A pesquisa, as leituras e as reflexões que tenho vindo a levar a cabo sobre o "mental load" das mulheres e aquilo a que chamei a engenharia doméstica e familiar levaram-me a realizar que nas questões de género estamos, ainda, à superfície da água, existindo um enorme e profundo oceano por explorar. Tentamos, colectivamente, abordar e tratar assuntos urgentes como a violência sobre as mulheres, as desigualdades salariais e tantas outras desigualdades cívicas que permanecem. A luta das mulheres está na rua e estará, há muito por fazer. E eu lá estarei.
Mas existe outra luta, talvez a mais importante de todas, que a maioria de nós recusa. Esta luta é pessoal e intransmissível, é uma luta interior. Carregamos, todos, dentro de nós, os frutos da sociedade patriarcal, sementes germinadas há séculos e que se misturam perigosamente com aquilo que achamos que somos. Deixei de conseguir afirmar que sou uma mulher livre porque percebi que ainda não sou.

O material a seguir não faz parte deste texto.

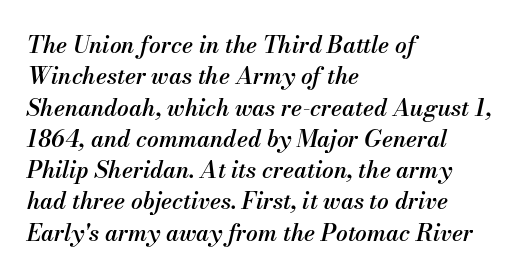
The image shows 23 px text type, italic (leaning right); set left-aligned, normal line spacing (1.36x), normal letter spacing, not underlined.
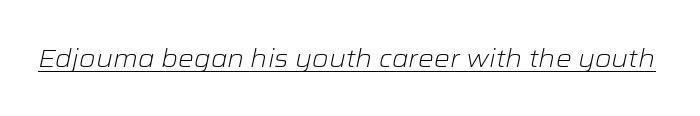
Q: Is the text bold? A: No.
Q: Is the text italic (slanted)? A: Yes, it leans right by about 12 degrees.
Q: Is the text underlined? A: Yes.
Q: Is the spacing between letters normal or unusually wide? A: Normal.
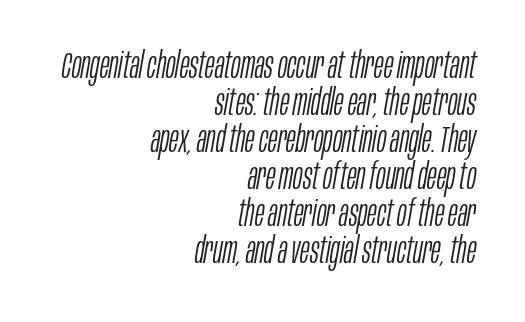
The image shows 36 px light, condensed type, italic (leaning right); set right-aligned, tight line spacing (1.03x), normal letter spacing, not underlined; low stroke contrast and a large x-height.
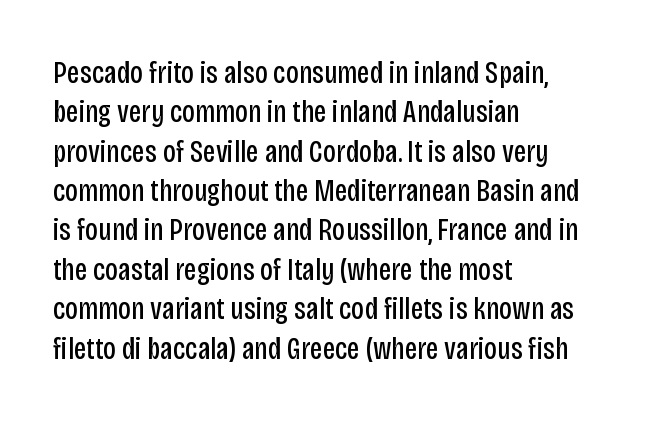
{"serif": "no", "italic": "no", "bold": "no", "weight": "regular", "width": "condensed", "stroke_contrast": "low", "x_height": "large", "monospaced": "no", "underline": "no", "align": "left", "line_spacing_ratio": 1.23, "letter_spacing": "normal", "letter_spacing_em": 0.0, "glyph_px": 32}
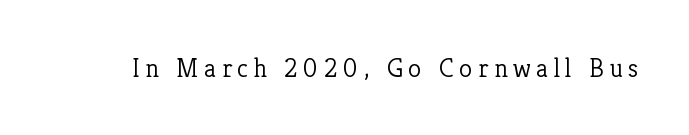
Q: Is the text bold? A: No.
Q: Is the text italic (slanted)? A: No, it is upright.
Q: Is the text underlined? A: No.
Q: Is the spacing between letters normal or unusually wide? A: Unusually wide.
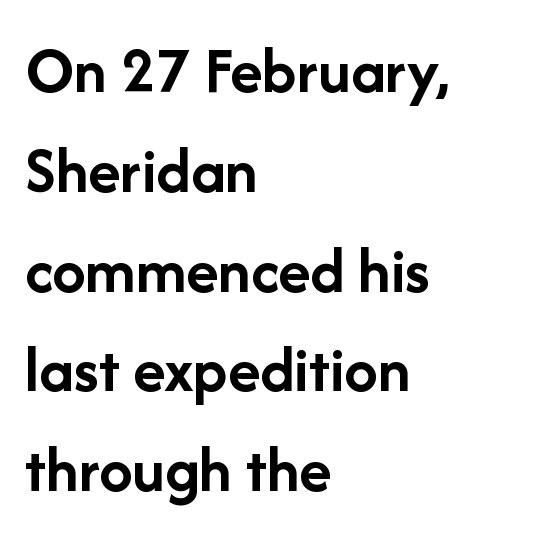
Q: Is the text bold? A: Yes.
Q: Is the text italic (slanted)? A: No, it is upright.
Q: Is the typeface a serif or a sans-serif typeface? A: Sans-serif.
Q: Is the text underlined? A: No.
Q: How is the paragraph aligned? A: Left-aligned.
Q: Is the spacing between letters normal or unusually wide? A: Normal.
Q: Is the spacing between lines tight, normal or loose? A: Normal.
Q: Width (condensed, normal, or wide)? A: Normal.
Q: Stroke contrast? A: Low.
Q: x-height? A: Medium.
Q: Monospaced? A: No.
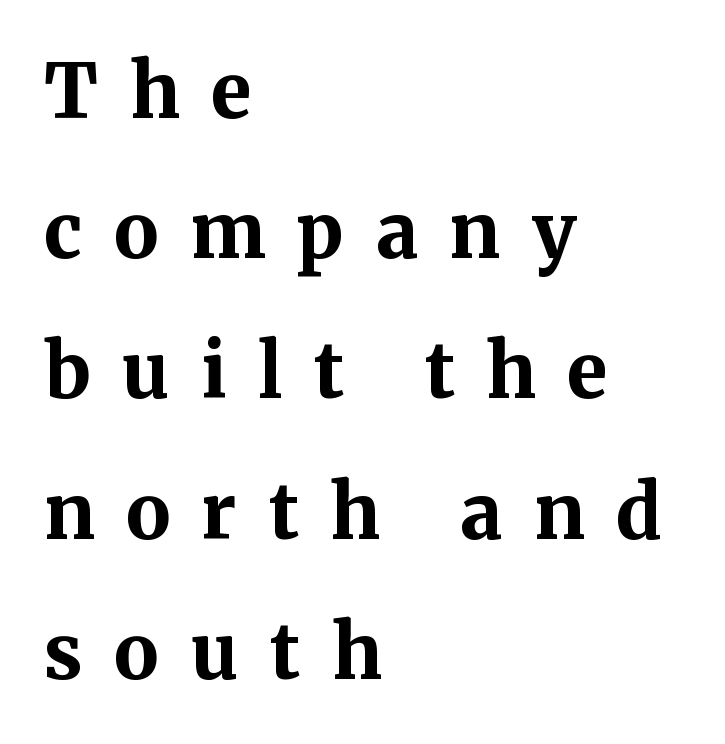
The image shows 75 px bold serif type, upright; set left-aligned, line spacing 1.87x, unusually wide letter spacing (+0.42 em), not underlined; medium stroke contrast and a medium x-height.
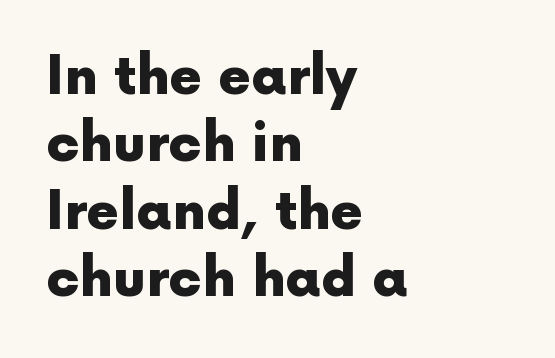
Short note: letters normally spaced. This block has exactly the height ordinary leading produces. Note the varied advance widths — an 'i' is clearly narrower than an 'm'. No feet cap the strokes, marking this as sans-serif type. This rendering features lettering with no underline.
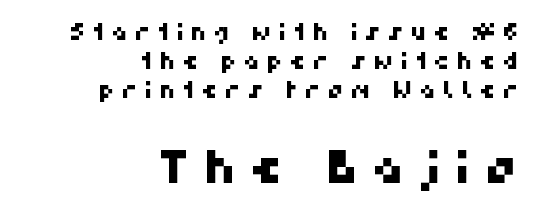
A typesetter would call this proportional, since set widths differ per character. I'd call this a sans setting — the letters go barefoot. Someone cranked the tracking dial way up on this one. The designer gave the closing block more size than the opening block.
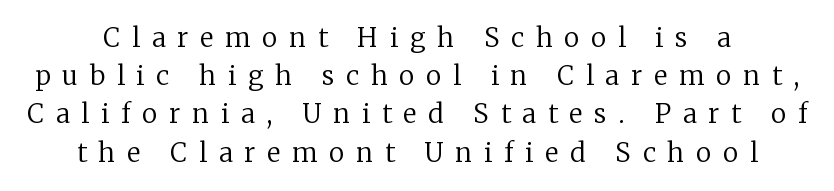
Q: Is the text bold? A: No.
Q: Is the text italic (slanted)? A: No, it is upright.
Q: Is the text underlined? A: No.
Q: Is the spacing between letters normal or unusually wide? A: Unusually wide.
Q: Is the spacing between lines tight, normal or loose? A: Normal.
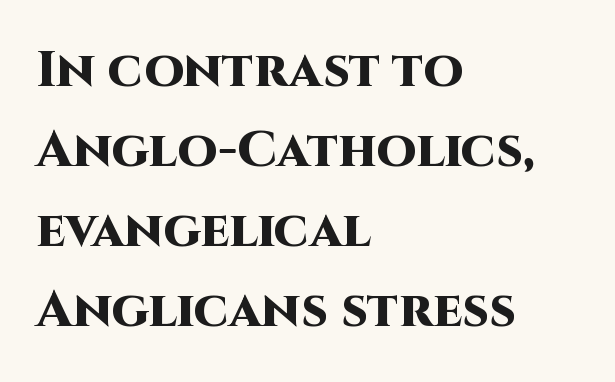
Q: Is the text bold? A: Yes.
Q: Is the text italic (slanted)? A: No, it is upright.
Q: Is the typeface a serif or a sans-serif typeface? A: Sans-serif.
Q: Is the text underlined? A: No.
Q: How is the paragraph aligned? A: Left-aligned.
Q: Is the spacing between letters normal or unusually wide? A: Normal.
Q: Is the spacing between lines tight, normal or loose? A: Normal.
Q: Width (condensed, normal, or wide)? A: Normal.
Q: Stroke contrast? A: High.
Q: x-height? A: Large.
Q: Monospaced? A: No.
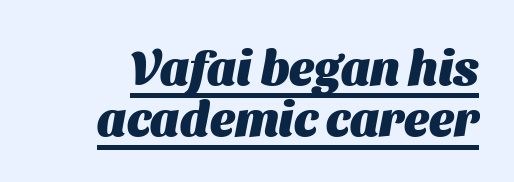
{"serif": "no", "bold": "yes", "weight": "heavy", "width": "normal", "stroke_contrast": "medium", "x_height": "medium", "monospaced": "no", "underline": "yes", "line_spacing": "tight", "line_spacing_ratio": 1.07, "letter_spacing": "normal", "letter_spacing_em": 0.0, "glyph_px": 48}
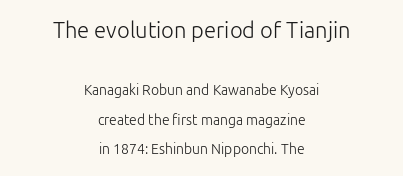
Q: Is the text bold? A: No.
Q: Is the text italic (slanted)? A: No, it is upright.
Q: Is the text underlined? A: No.
Q: How is the paragraph aligned? A: Centered.
Q: Is the spacing between letters normal or unusually wide? A: Normal.
Q: Is the spacing between lines tight, normal or loose? A: Loose.
Q: Which block of text is set in a larger size, the first (top) or the second (bottom)? A: The first (top) one.
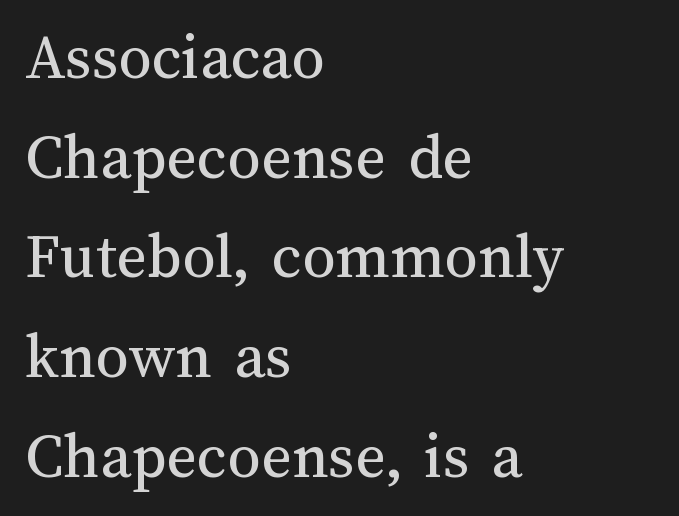
{"italic": "no", "bold": "no", "weight": "regular", "width": "normal", "stroke_contrast": "medium", "x_height": "medium", "monospaced": "no", "underline": "no", "align": "left", "line_spacing": "normal", "line_spacing_ratio": 1.51, "letter_spacing": "normal", "letter_spacing_em": 0.0, "glyph_px": 66}
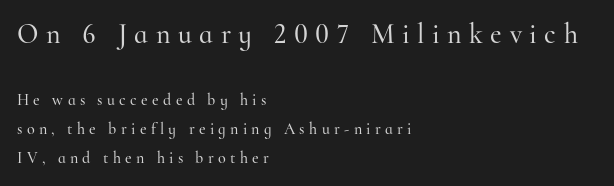
The image shows 28 px serif type, upright; set left-aligned, line spacing 1.81x, unusually wide letter spacing (+0.27 em), not underlined; the first (top) block is 1.75x larger; high stroke contrast and a small x-height.
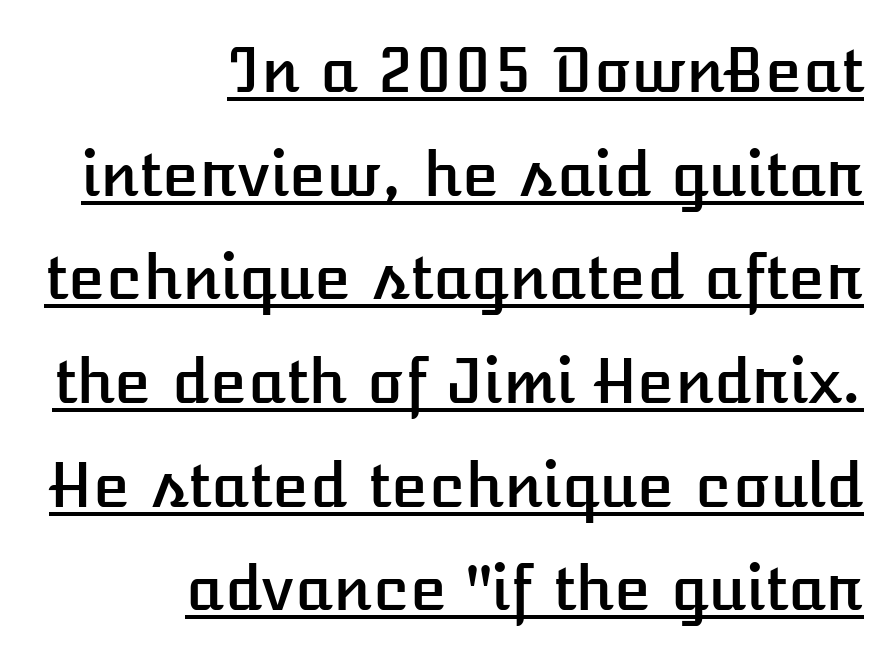
{"italic": "no", "width": "normal", "stroke_contrast": "low", "x_height": "medium", "monospaced": "no", "underline": "yes", "align": "right", "line_spacing": "normal", "line_spacing_ratio": 1.7, "letter_spacing": "normal", "letter_spacing_em": 0.0, "glyph_px": 61}
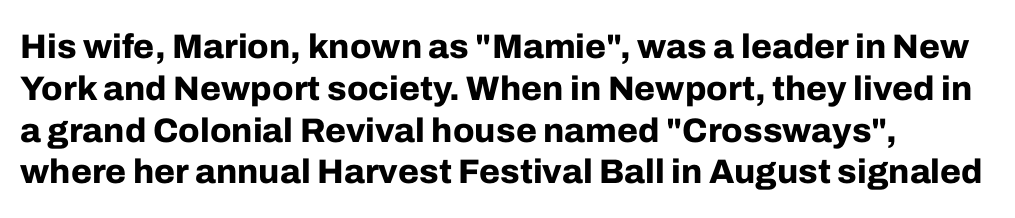
{"serif": "no", "italic": "no", "bold": "yes", "weight": "bold", "width": "normal", "stroke_contrast": "low", "x_height": "medium", "monospaced": "no", "underline": "no", "align": "left", "line_spacing_ratio": 1.23, "letter_spacing": "normal", "letter_spacing_em": 0.0, "glyph_px": 34}
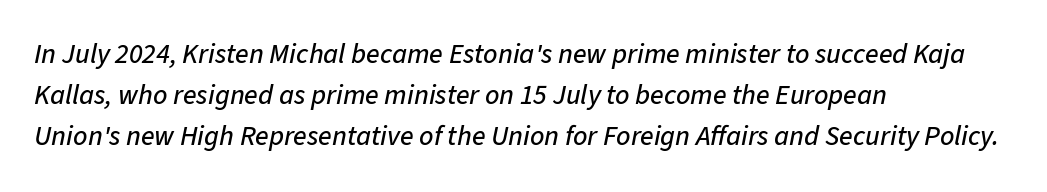
The passage shown leans; its letterforms are oblique. Descender tails drop into unmarked territory. The passage shown has conventional tracking throughout. Think of a printed novel: that variable character pitch is what you see here. Each line starts at the same left margin while the right side varies.
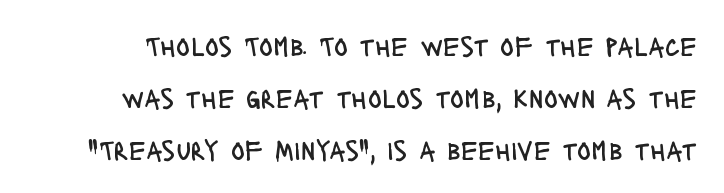
The image shows 29 px regular-weight, condensed sans-serif type, upright; set line spacing 1.79x, normal letter spacing, not underlined; low stroke contrast and a large x-height.
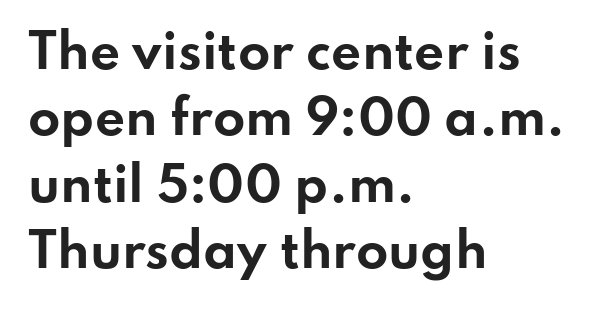
Q: Is the text bold? A: Yes.
Q: Is the text italic (slanted)? A: No, it is upright.
Q: Is the typeface a serif or a sans-serif typeface? A: Sans-serif.
Q: Is the text underlined? A: No.
Q: How is the paragraph aligned? A: Left-aligned.
Q: Is the spacing between letters normal or unusually wide? A: Normal.
Q: Is the spacing between lines tight, normal or loose? A: Normal.
Q: Width (condensed, normal, or wide)? A: Wide.
Q: Stroke contrast? A: Low.
Q: x-height? A: Small.
Q: Monospaced? A: No.
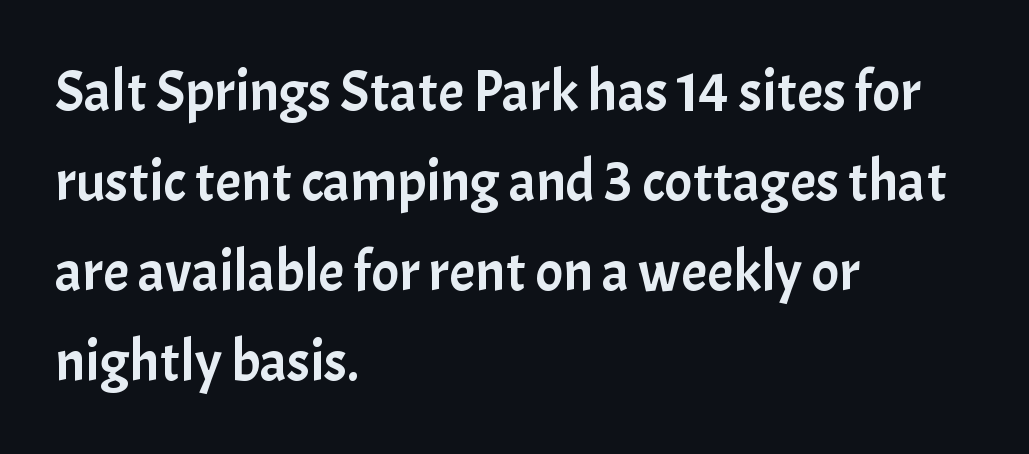
The letters advance in unequal steps, a hallmark of proportional type. The rendering uses a moderate line-height, typical for paragraphs. The designer went with a sans here, leaving each stem footless. Rule under the text: the space is simply empty.
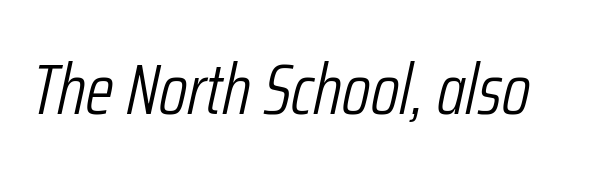
{"italic": "yes", "lean": "right", "slant_degrees": 12, "bold": "no", "weight": "light", "width": "condensed", "stroke_contrast": "low", "x_height": "medium", "monospaced": "no", "underline": "no", "letter_spacing": "normal", "letter_spacing_em": 0.0, "glyph_px": 72}
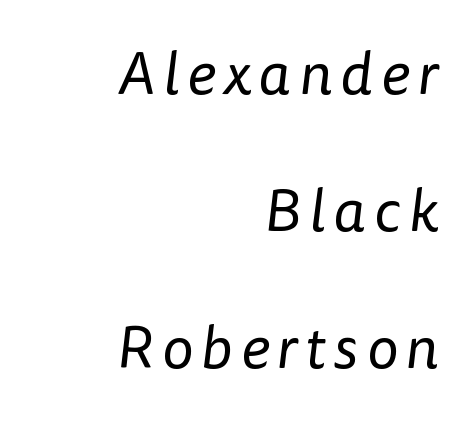
Q: Is the text bold? A: No.
Q: Is the typeface a serif or a sans-serif typeface? A: Sans-serif.
Q: Is the text underlined? A: No.
Q: How is the paragraph aligned? A: Right-aligned.
Q: Is the spacing between lines tight, normal or loose? A: Loose.
Q: Width (condensed, normal, or wide)? A: Normal.
Q: Stroke contrast? A: Low.
Q: x-height? A: Medium.
Q: Monospaced? A: No.
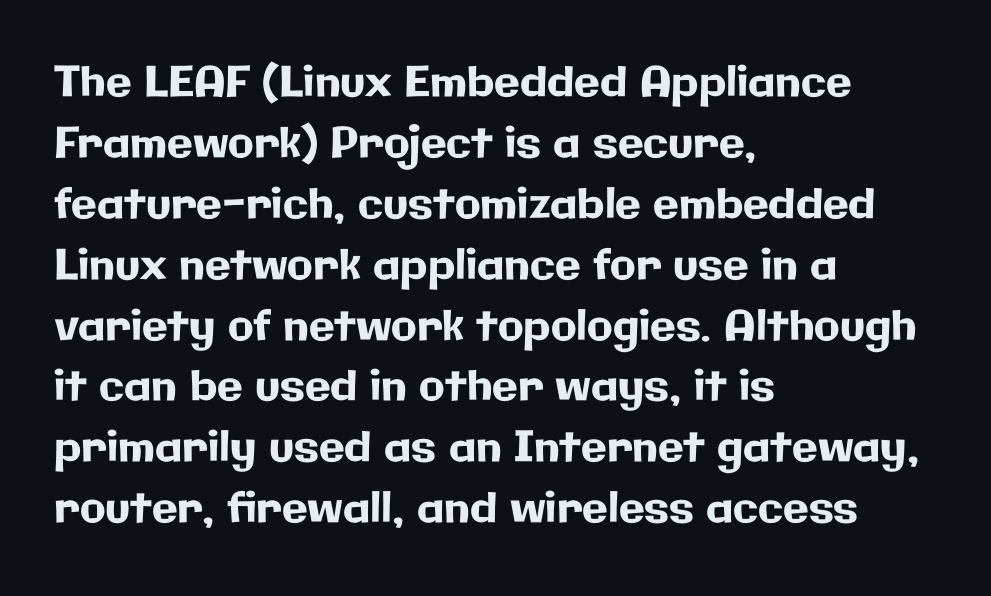
Q: Is the text italic (slanted)? A: No, it is upright.
Q: Is the typeface a serif or a sans-serif typeface? A: Sans-serif.
Q: Is the text underlined? A: No.
Q: How is the paragraph aligned? A: Left-aligned.
Q: Is the spacing between letters normal or unusually wide? A: Normal.
Q: Is the spacing between lines tight, normal or loose? A: Normal.
Q: Width (condensed, normal, or wide)? A: Normal.
Q: Stroke contrast? A: Low.
Q: x-height? A: Medium.
Q: Monospaced? A: No.
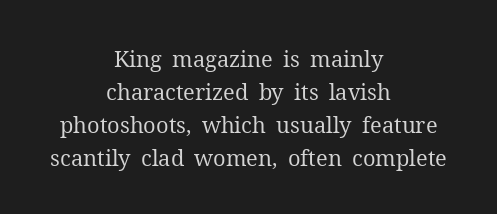
The image shows 22 px text type, upright; set centered, normal line spacing (1.5x), normal letter spacing, not underlined.
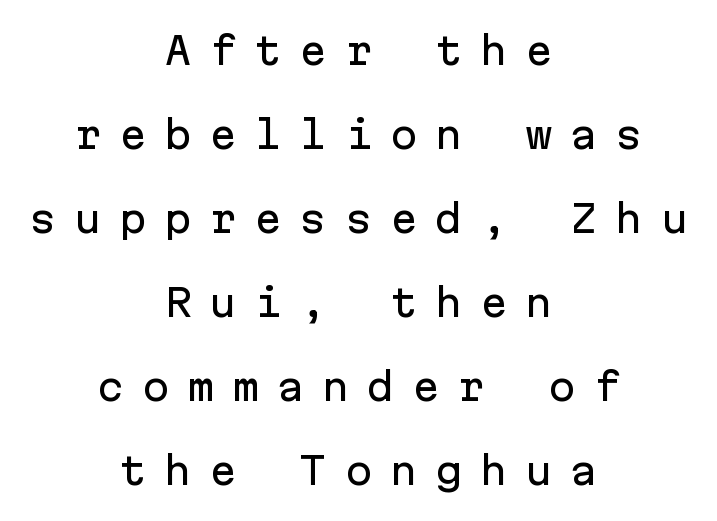
Underlining? Definitely not there. Style check: upright. Neither beginnings nor endings align; midpoints do. A great deal of white space separates one row of letters from the next. The rendering uses typewriter-style spacing with identical character cells.

Ao explorar o terreno pantanoso que é a nossa mente, percebemos como é difícil distinguir o que é nosso, daquilo que nos foi lá colocado. Sobretudo, torna-se impossível continuarmos presunçosamente a considerar que somos muito modernos e resolvidos. Eu, descobri em mim muito da mulher submissa que achei nunca ter encarnado e que sempre repudiei. Descobri em mim o machismo como uma espécie grilheta transparente que me trava sempre que o atrevimento de querer ser livre desperta. Descobri preconceitos, pequenos nadas, quase imperceptíveis, mas que me têm impedido de progredir sem que eu percebesse como ou porquê.
A minha mulher selvagem está ainda aprisionada, mas agora um pouco mais consciente do que a limita. Este trabalho interno é essencial, e todos os que têm o privilégio de viver uma vida acima do nível da sobrevivência, deviam propor-se a fazê-lo, de forma honesta e humilde. De outra forma, a luta na rua não terá fim, porque continuaremos a ser o inimigo sem sequer percebermos... inconscientemente.